The standard sample 10 produced in this way is the fixed film 3
2 is evenly deposited on the wafer 1 and the fine particles 2.
Since the reflected light is monitored by obliquely irradiating the light as shown in (A), the apparent particle diameter is monitored larger than the actual particle diameter of the fine particles 2. Therefore, by changing the thickness of the fixed film 3 in various ways, it is possible to prepare standard samples 10 having various particle sizes with the fine particles 2 having the same particle size.

Since the standard sample 10 according to the present invention can be cleaned and can be stored for a long period of time, the standard sample 10 having various grain sizes can be provided in the wafer surface inspection apparatus to automatically perform self-calibration. It is possible.

[0027]

EFFECTS OF THE INVENTION The standard sample for wafer surface inspection according to the present invention is stably fixed after the fine particles fixed on the wafer are washed away by several% in the first washing. Therefore, the standard sample can be reused if it is stored for a long period of time and washed when it becomes dirty.

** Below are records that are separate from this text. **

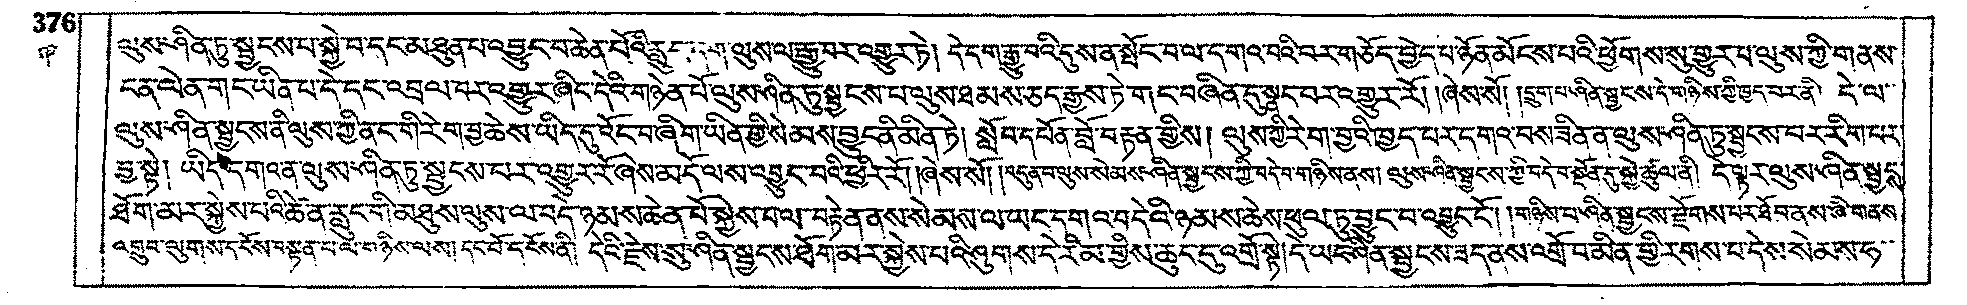ལུས་ཤིན་ཏུ་སྦྱངས་པ་སྐྱེ་བ་དང་མཐུན་པ་འབྱུང་བ་ཆེན་པོའི་རླུང་དག་ལུས་ལ་རྒྱུ་བར་འགྱུར་ཏེ། དེ་དག་རྒྱུ་བའི་དུས་ན་སྤོང་བ་ལ་དགའ་བའི་བར་གཅོད་བྱེད་པ་ཉོན་མོངས་པའི་ཕྱོགས་སུ་གྱུར་པ་ལུས་ཀྱི་གནས་
ངན་ལེན་གང་ཡིན་པ་དེ་དང་འབྲལ་བར་འགྱུར་ཞིང་དེའི་གཉེན་པོ་ལུས་ཤིན་ཏུ་སྦྱངས་པ་ལུས་ཐམས་ཅད་རྒྱས་ཏེ་གང་བཞིན་དུ་སྣང་བར་འགྱུར་རོ། །ཞེས་སོ། །དྲུག་པ་ཤིན་སྦྱངས་དེ་གཉིས་ཀྱི་ཁྱད་པར་ནི།  དེ་ལ་
ལུས་ཤིན་སྦྱངས་ནི་ལུས་ཀྱི་ནང་གི་རེག་བྱ་ཆེས་ཡིད་དུ་འོང་བ་ཞིག་ཡིན་གྱི་སེམས་བྱུང་ནི་མིན་ཏེ། སློབ་དཔོན་བློ་བརྟེན་གྱིས། ལུས་ཀྱི་རེག་བྱའི་ཁྱད་པར་དགའ་བས་ཟིན་ན་ལུས་ཤིན་ཏུ་སྦྱངས་པར་རིག་པར་
བྱ་སྟེ། ཡིད་དགའ་ན་ལུས་ཤིན་ཏུ་སྦྱངས་པར་འགྱུར་རོ་ཞེས་མདོ་ལས་འབྱུང་བའི་ཕྱིར་རོ། །ཞེས་སོ། །བདུན་པ་ལུས་སེམས་ཤིན་སྦྱངས་ཀྱི་བདེ་བ་གཉིས་ནས། ལུས་ཤིན་སྦྱངས་ཀྱི་བདེ་བ་སྔོན་དུ་སྐྱེ་ཚུལ་ནི།  དེ་ལྟར་ལུས་ཤིན་སྦྱངས་
ཐོག་མར་སྐྱེས་པའི་ཚེ་ན་རླུང་གི་མཐུས་ལུས་ལ་བདེ་ཉམས་ཆེན་པོ་སྐྱེས་པ་ལ་བརྟེན་ནས་སེམས་ལ་ཡང་དགའ་བ་དེའི་ཉམས་ཆེས་ཕུལ་དུ་བྱུང་བ་འབྱུང་ངོ། །གཉིས་པ་ཤིན་སྦྱངས་རྫོགས་པར་ཐོབ་ནས་ཞི་གནས་
འགྲུབ་ལུགས་དངོས་བསྟན་པ་ལ་གཉིས་ལས། དང་བོ་དངོས་ནི། དེའི་རྗེས་སུ་ཤིན་སྦྱངས་ཐོག་མར་སྐྱེས་པའི་ཤུགས་དེ་རིམ་གྱིས་ཆུང་ངུ་འགྲོ་སྟེ། དེ་ཡང་ཤིན་སྦྱངས་ཟད་ནས་འགྲོ་བ་མིན་གྱི་རགས་པ་དེས་སེམས་ཧ་

Thus, in view of the situation where the cleanliness of the wafer surface is becoming more and more important in the wafer process in the manufacturing process of semiconductor devices, which is becoming more and more miniaturized, the present invention aims at improving the efficiency of the wafer process. It has a great contribution.

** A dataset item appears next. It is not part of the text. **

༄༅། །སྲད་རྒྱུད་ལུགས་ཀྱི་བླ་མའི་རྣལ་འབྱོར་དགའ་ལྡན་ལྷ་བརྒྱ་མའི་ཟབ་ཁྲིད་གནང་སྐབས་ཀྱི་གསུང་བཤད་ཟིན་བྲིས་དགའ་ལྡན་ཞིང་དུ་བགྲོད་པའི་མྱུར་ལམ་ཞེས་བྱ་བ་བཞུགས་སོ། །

[Brief description of drawings]

FIG. 1 is an enlarged sectional view of a main part of an embodiment of the present invention.

FIG. 2 is an explanatory view of an example of a wafer surface inspection device,
(A) is a schematic configuration diagram, (B) is a clean surface,
(C) is the case where the surface has foreign matter attached.

FIG. 3 is an explanatory view of a standard sample, (A) is an enlarged sectional view,
(B) is a case where a foreign substance is attached.

[Explanation of symbols]

 1 Wafer 2 Fine particles 3 Fixed film 10 Standard sample

Claims (2)

[Claims] 1. A Si wafer (1) and the wafer (1)
Having fine particles (2) made of synthetic resin scattered on the top surface of the wafer (1), the fine particles (2) are fixed on the wafer (1).
A standard sample for wafer surface inspection, which is covered by (3). 2. The fixing film (3) is made of Si or SIO _2.
The standard sample for inspecting a wafer surface according to claim 1, which is a sputtered film.